Alex, the first example demonstrating setprecision() is missing the closing curly bracket for main()

Fixed. Thanks!

I'm perplexed! I'm working through Bjarne S's book and have done one of the drills but I don't understand what's going on with varying results.

Here's some output;

9.99

10

smaller is a 9.99 the larger is b 10

result 0.01

they are almost equal

99.99

100

smaller is a 99.99 the larger is b 100

result 0.01

199.99

200

smaller is a 199.99 the larger is b 200

result 0.01

they are almost equal

Why doesn't entering 99.99 and 100 give the message "they are almost equal"?

This is an interesting example of rounding errors.

10 – 9.99 = 0.01, but due to rounding error, C++ is representing this as 0.0099999999999997868

100 – 99.99 = 0.01, but due to rounding error, C++ is representing this as 0.0100000000000005116

One of this is larger than 0.01, and one is smaller.

Argggh! I almost went insane yesterday evening try to see where I'd gone wrong.

How does one avoid rounding errors? I can think of any number of applications where rounding errors even at the level of precision in my example might be disastrous.

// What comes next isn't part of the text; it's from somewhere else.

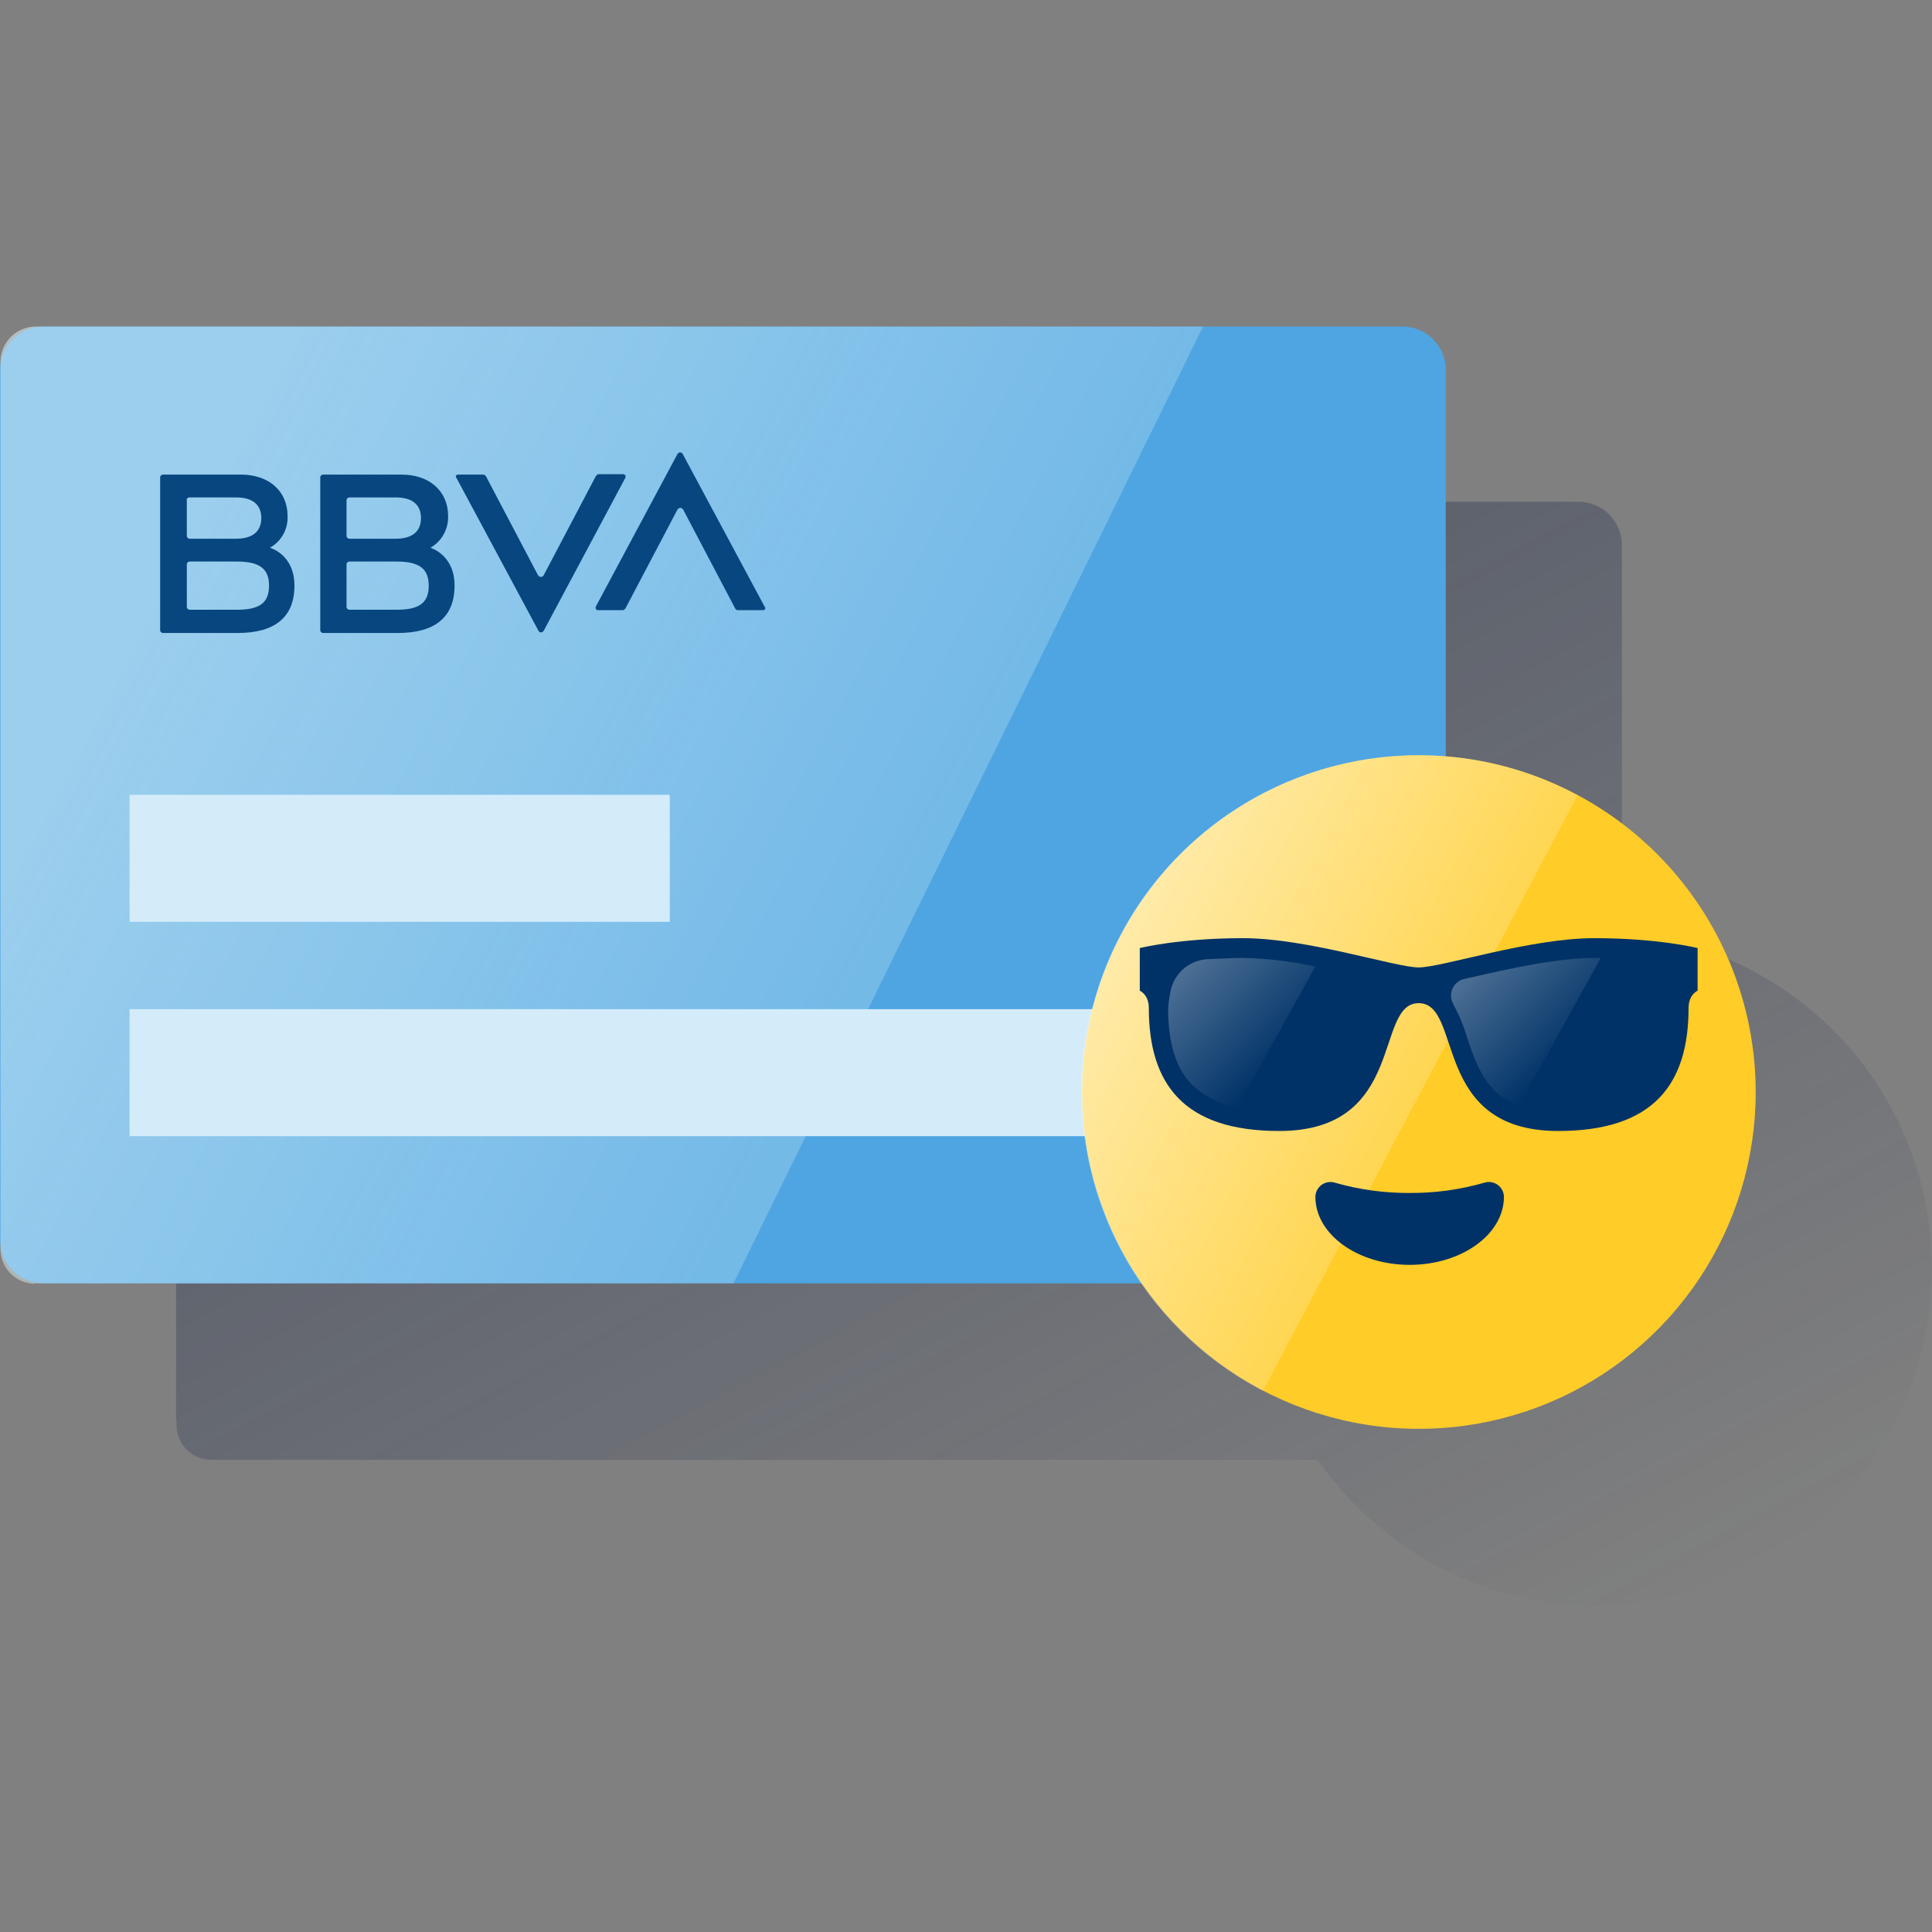 <svg width="600" height="600" viewBox="0 0 600 600" fill="none" xmlns="http://www.w3.org/2000/svg"><rect x="0" y="0" width="600" height="600" fill="#808080" stroke="none"/><path d="M544.589 301.663C543.386 300.995 542.183 300.46 540.98 299.792L540.178 299.391C538.842 298.723 537.505 298.188 536.035 297.52C535.901 297.52 535.901 297.52 535.767 297.386L531.757 295.782C531.513 295.634 531.239 295.542 530.955 295.514C529.618 294.98 528.148 294.579 526.678 294.044C526.41 293.91 526.143 293.91 525.876 293.777C524.539 293.376 523.202 292.975 521.732 292.574C521.598 292.574 521.464 292.44 521.331 292.44C519.86 292.039 518.39 291.772 516.92 291.371C516.652 291.237 516.251 291.237 515.984 291.103C514.514 290.836 513.043 290.569 511.439 290.301C511.208 290.322 510.976 290.276 510.771 290.168C509.3 289.9 507.964 289.767 506.493 289.633C506.219 289.654 505.944 289.608 505.691 289.499C505.023 289.499 504.355 289.366 503.686 289.366V169.329C503.691 167.555 503.346 165.797 502.669 164.156C501.993 162.516 500.998 161.025 499.744 159.771C498.489 158.516 496.999 157.522 495.358 156.845C493.718 156.168 491.96 155.823 490.185 155.828H65.78C62.898 155.835 60.134 156.974 58.084 158.999C56.033 161.024 54.861 163.774 54.819 166.656V167.458C54.708 168.075 54.663 168.702 54.685 169.329V439.879C54.663 440.462 54.708 441.045 54.819 441.617V442.285C54.746 445.112 55.782 447.856 57.705 449.929C59.628 452.003 62.287 453.241 65.112 453.38H409.181C409.849 454.316 410.384 455.118 411.052 455.92C411.319 456.187 411.453 456.588 411.72 456.855C412.656 458.058 413.592 459.261 414.528 460.331L414.929 460.732C415.731 461.801 416.666 462.737 417.468 463.673C417.736 463.94 418.003 464.341 418.27 464.608C419.206 465.678 420.142 466.613 421.077 467.549L421.345 467.816C422.414 468.886 423.484 469.822 424.553 470.891C424.836 471.191 425.149 471.459 425.489 471.693L428.296 474.099C428.563 474.233 428.697 474.5 428.964 474.634C430.167 475.569 431.236 476.505 432.44 477.441C432.707 477.708 432.974 477.842 433.242 478.109L436.182 480.248C436.45 480.515 436.851 480.649 437.118 480.916C438.321 481.718 439.658 482.52 440.861 483.322C441.128 483.456 441.262 483.59 441.529 483.723C442.597 484.426 443.714 485.051 444.871 485.595C445.272 485.728 445.539 485.996 445.94 486.129C446.264 486.285 446.577 486.464 446.876 486.664C471.397 499.499 500.005 502.093 526.435 493.879C552.865 485.665 574.963 467.312 587.889 442.839C600.815 418.366 603.516 389.767 595.401 363.307C587.285 336.847 569.014 314.681 544.589 301.663Z" fill="url(#paint0_linear_2290_181)"/><path d="M13.501 101.409H435.5C437.275 101.403 439.033 101.749 440.673 102.426C442.313 103.102 443.804 104.097 445.059 105.351C446.313 106.606 447.308 108.096 447.984 109.737C448.661 111.377 449.006 113.135 449.001 114.91V385.059C449.006 386.833 448.661 388.591 447.984 390.231C447.308 391.872 446.313 393.362 445.059 394.617C443.804 395.872 442.313 396.866 440.673 397.543C439.033 398.219 437.275 398.565 435.5 398.559H13.501C11.726 398.565 9.968 398.219 8.328 397.543C6.688 396.866 5.197 395.872 3.943 394.617C2.688 393.362 1.694 391.872 1.017 390.231C0.34 388.591 -0.005 386.833 5.99197e-05 385.059V114.91C-0.001 111.375 1.385 107.981 3.859 105.456C6.334 102.932 9.699 101.479 13.233 101.409H13.501Z" fill="#4EA5E2"/><path opacity="0.5" fill-rule="evenodd" clip-rule="evenodd" d="M10.972 398.559H227.786L373.621 101.409H11.105C8.223 101.415 5.459 102.554 3.409 104.579C1.359 106.605 0.186 109.354 0.144 112.236V112.37V387.598C0.071 390.426 1.107 393.169 3.03 395.243C4.954 397.316 7.612 398.554 10.437 398.693C10.594 398.587 10.783 398.539 10.972 398.559Z" fill="url(#paint1_linear_2290_181)"/><path d="M207.999 246.842H40.242V286.275H207.999V246.842Z" fill="#D4ECFA"/><path d="M406.501 313.41H40.242V352.843H406.501V313.41Z" fill="#D4ECFA"/><path d="M185.013 147.925L168.839 178.67C168.705 178.89 168.495 179.053 168.248 179.127C168.001 179.201 167.735 179.181 167.503 179.071L167.101 178.67L150.927 147.925C150.843 147.781 150.727 147.658 150.588 147.565C150.449 147.472 150.291 147.413 150.125 147.39H142.239C142.08 147.375 141.921 147.423 141.796 147.522C141.671 147.622 141.59 147.767 141.57 147.925V148.059C141.57 148.193 141.57 148.326 141.704 148.326L167.235 195.913C167.346 196.121 167.533 196.279 167.757 196.353C167.981 196.428 168.224 196.414 168.438 196.314L168.839 195.913L194.237 148.326C194.297 148.162 194.303 147.983 194.255 147.815C194.207 147.647 194.107 147.498 193.969 147.39C193.836 147.39 193.702 147.257 193.568 147.257H185.682C185.425 147.443 185.2 147.669 185.013 147.925Z" fill="#07467F"/><path d="M194.233 188.961L210.407 158.216C210.541 157.996 210.752 157.833 210.999 157.759C211.245 157.685 211.511 157.705 211.744 157.815L212.145 158.216L228.319 188.961C228.389 189.116 228.502 189.249 228.644 189.343C228.785 189.438 228.951 189.49 229.121 189.495H237.008C237.097 189.501 237.187 189.488 237.27 189.456C237.354 189.425 237.43 189.376 237.494 189.313C237.557 189.249 237.606 189.173 237.637 189.09C237.669 189.006 237.682 188.916 237.676 188.827C237.676 188.693 237.676 188.56 237.543 188.56L212.011 140.973C211.9 140.765 211.713 140.607 211.49 140.533C211.266 140.458 211.022 140.472 210.808 140.572L210.407 140.973L185.01 188.426C184.938 188.589 184.926 188.771 184.975 188.942C185.023 189.113 185.13 189.261 185.277 189.362C185.411 189.362 185.411 189.495 185.544 189.495H193.431C193.698 189.495 193.966 189.228 194.233 188.961Z" fill="#07467F"/><path d="M73.528 189.362H58.958C58.834 189.366 58.711 189.344 58.596 189.299C58.48 189.253 58.376 189.184 58.288 189.096C58.201 189.009 58.132 188.904 58.086 188.789C58.04 188.674 58.019 188.55 58.022 188.427V175.327C58.019 175.203 58.04 175.08 58.086 174.964C58.132 174.849 58.201 174.745 58.288 174.657C58.376 174.569 58.48 174.501 58.596 174.455C58.711 174.409 58.834 174.387 58.958 174.391H73.528C80.346 174.391 83.554 176.396 83.554 181.877C83.554 187.357 80.479 189.362 73.528 189.362ZM58.958 154.474H73.261C78.474 154.474 81.147 156.747 81.147 160.89C81.147 165.034 78.474 167.307 73.261 167.307H58.958C58.834 167.31 58.711 167.289 58.596 167.243C58.48 167.197 58.376 167.128 58.288 167.041C58.201 166.953 58.132 166.848 58.086 166.733C58.04 166.618 58.019 166.495 58.022 166.371V155.276C57.889 154.875 58.29 154.474 58.958 154.474ZM83.821 170.114C85.568 169.142 87.007 167.7 87.976 165.952C88.944 164.203 89.404 162.218 89.301 160.222C89.301 152.469 83.42 147.39 74.865 147.39H50.67C50.547 147.386 50.423 147.408 50.308 147.453C50.193 147.499 50.088 147.568 50.001 147.655C49.913 147.743 49.844 147.848 49.798 147.963C49.753 148.078 49.731 148.201 49.735 148.325V195.645C49.731 195.769 49.753 195.892 49.798 196.007C49.844 196.122 49.913 196.227 50.001 196.315C50.088 196.402 50.193 196.471 50.308 196.517C50.423 196.563 50.547 196.584 50.67 196.581H73.796C85.425 196.581 91.44 191.635 91.44 181.877C91.44 172.119 83.821 170.114 83.821 170.114Z" fill="#07467F"/><path d="M123.121 189.362H108.551C108.427 189.366 108.304 189.344 108.189 189.299C108.073 189.253 107.969 189.184 107.881 189.096C107.793 189.009 107.725 188.904 107.679 188.789C107.633 188.674 107.612 188.55 107.615 188.427V175.327C107.612 175.203 107.633 175.08 107.679 174.964C107.725 174.849 107.793 174.745 107.881 174.657C107.969 174.569 108.073 174.501 108.189 174.455C108.304 174.409 108.427 174.387 108.551 174.391H123.121C129.938 174.391 133.146 176.396 133.146 181.877C133.146 187.357 130.072 189.362 123.121 189.362ZM108.551 154.474H122.854C128.067 154.474 130.74 156.747 130.74 160.89C130.74 165.034 128.067 167.307 122.854 167.307H108.551C108.427 167.31 108.304 167.289 108.189 167.243C108.073 167.197 107.969 167.128 107.881 167.041C107.793 166.953 107.725 166.848 107.679 166.733C107.633 166.618 107.612 166.495 107.615 166.371V155.276C107.639 155.048 107.749 154.838 107.923 154.689C108.097 154.539 108.322 154.463 108.551 154.474ZM133.681 170.114C135.408 169.12 136.832 167.673 137.797 165.93C138.763 164.187 139.235 162.213 139.162 160.222C139.162 152.469 133.28 147.39 124.725 147.39H100.397C100.273 147.386 100.15 147.408 100.035 147.453C99.919 147.499 99.815 147.568 99.727 147.655C99.639 147.743 99.571 147.848 99.525 147.963C99.479 148.078 99.458 148.201 99.461 148.325V195.645C99.458 195.769 99.479 195.892 99.525 196.007C99.571 196.122 99.639 196.227 99.727 196.315C99.815 196.402 99.919 196.471 100.035 196.517C100.15 196.563 100.273 196.584 100.397 196.581H123.522C135.152 196.581 141.167 191.635 141.167 181.877C141.167 172.119 133.547 170.114 133.681 170.114Z" fill="#07467F"/><path d="M545.25 339.21C545.237 359.892 539.093 380.105 527.594 397.296C516.096 414.487 499.759 427.883 480.649 435.791C461.539 443.7 440.514 445.766 420.23 441.727C399.946 437.689 381.315 427.729 366.691 413.105C352.066 398.48 342.106 379.849 338.068 359.565C334.03 339.282 336.096 318.256 344.004 299.146C351.912 280.036 365.309 263.7 382.499 252.201C399.69 240.703 419.904 234.559 440.585 234.545C454.331 234.544 467.942 237.25 480.641 242.509C493.34 247.768 504.879 255.478 514.598 265.197C524.318 274.916 532.027 286.455 537.286 299.154C542.546 311.854 545.252 325.465 545.25 339.21Z" fill="#FFCC28"/><path d="M440.452 234.542C417.039 234.564 394.31 242.438 375.9 256.904C357.491 271.37 344.465 291.592 338.906 314.336C333.347 337.08 335.577 361.03 345.238 382.357C354.899 403.684 371.434 421.154 392.197 431.974L489.91 246.973C474.729 238.743 457.72 234.468 440.452 234.542Z" fill="url(#paint2_linear_2290_181)"/><path d="M437.782 370.488C429.915 370.537 422.082 369.457 414.523 367.28C413.83 367.07 413.099 367.025 412.385 367.147C411.672 367.269 410.997 367.555 410.414 367.983C409.83 368.411 409.354 368.969 409.024 369.612C408.693 370.256 408.516 370.967 408.508 371.691C408.508 383.32 421.608 392.811 437.782 392.811C453.956 392.811 467.056 383.32 467.056 371.691C467.047 370.967 466.871 370.256 466.54 369.612C466.209 368.969 465.733 368.411 465.15 367.983C464.566 367.555 463.891 367.269 463.178 367.147C462.465 367.025 461.733 367.07 461.041 367.28C453.481 369.457 445.648 370.537 437.782 370.488Z" fill="#003267"/><path d="M495.125 291.355C475.075 291.355 447.806 300.445 440.588 300.445C433.369 300.445 405.967 291.355 386.05 291.355C366.133 291.355 353.969 294.43 353.969 294.43V307.663C353.969 307.663 356.776 308.866 356.776 313.01C356.776 336.804 367.737 351.24 397.278 351.24C436.845 351.24 426.686 311.54 440.588 311.54C454.489 311.54 444.33 351.24 483.897 351.24C513.438 351.24 524.399 336.804 524.399 313.01C524.399 308.866 527.206 307.663 527.206 307.663V294.43C527.206 294.43 515.042 291.355 495.125 291.355Z" fill="#003267"/><path d="M386.04 297.503C382.431 297.503 378.287 297.77 374.678 297.904C371.925 298.118 369.324 299.248 367.288 301.113C365.253 302.979 363.901 305.473 363.45 308.197C363.122 309.829 362.899 311.481 362.781 313.142C362.781 323.97 365.187 331.856 370.267 336.936C374.138 340.564 378.958 343.02 384.169 344.02L408.497 300.176C401.118 298.543 393.596 297.647 386.04 297.503Z" fill="url(#paint3_linear_2290_181)"/><path d="M495.134 297.503C483.37 297.503 468.132 300.978 457.037 303.518C456.235 303.652 455.3 303.919 454.631 304.053C453.824 304.25 453.075 304.636 452.446 305.179C451.817 305.722 451.325 306.407 451.012 307.176C450.699 307.946 450.573 308.779 450.644 309.607C450.716 310.435 450.983 311.235 451.423 311.939V312.073C453.17 315.251 454.56 318.614 455.567 322.098C458.508 330.787 461.448 339.609 471.741 343.352L497.139 297.503H495.134Z" fill="url(#paint4_linear_2290_181)"/><defs><linearGradient id="paint0_linear_2290_181" x1="169.522" y1="99.219" x2="412.589" y2="556.373" gradientUnits="userSpaceOnUse"><stop stop-color="#192647" stop-opacity="0.5" offset="0"/><stop offset="1" stop-color="#192647" stop-opacity="0"/></linearGradient><linearGradient id="paint1_linear_2290_181" x1="53.051" y1="176.746" x2="271.042" y2="292.652" gradientUnits="userSpaceOnUse"><stop stop-color="#E9F8F9" offset="0"/><stop offset="1" stop-color="#E9F8F9" stop-opacity="0.5"/></linearGradient><linearGradient id="paint2_linear_2290_181" x1="348.165" y1="290.082" x2="441.307" y2="339.607" gradientUnits="userSpaceOnUse"><stop stop-color="white" stop-opacity="0.6" offset="0"/><stop offset="1" stop-color="white" stop-opacity="0.2"/></linearGradient><linearGradient id="paint3_linear_2290_181" x1="369.612" y1="298.786" x2="399.514" y2="328.688" gradientUnits="userSpaceOnUse"><stop stop-color="white" stop-opacity="0.3" offset="0"/><stop offset="1" stop-color="white" stop-opacity="0"/></linearGradient><linearGradient id="paint4_linear_2290_181" x1="460.045" y1="297.476" x2="488.918" y2="326.349" gradientUnits="userSpaceOnUse"><stop stop-color="white" stop-opacity="0.3" offset="0"/><stop offset="1" stop-color="white" stop-opacity="0"/></linearGradient></defs></svg>

There are a couple of ways to “avoid” rounding errors:

1) Avoid use of floating point numbers altogether (sometimes this is possible, sometimes it isn’t).

2) Don’t do raw comparisons like you’re doing. In section 3.5 — Relational operators (comparisons), we discuss how to tell if floating point numbers are equal. These can be extended to handle less then/greater than cases. This would help avoid the case you see above.

3) Ensure that when you use floating point numbers, you only treat them as accurate to a certain level of precision.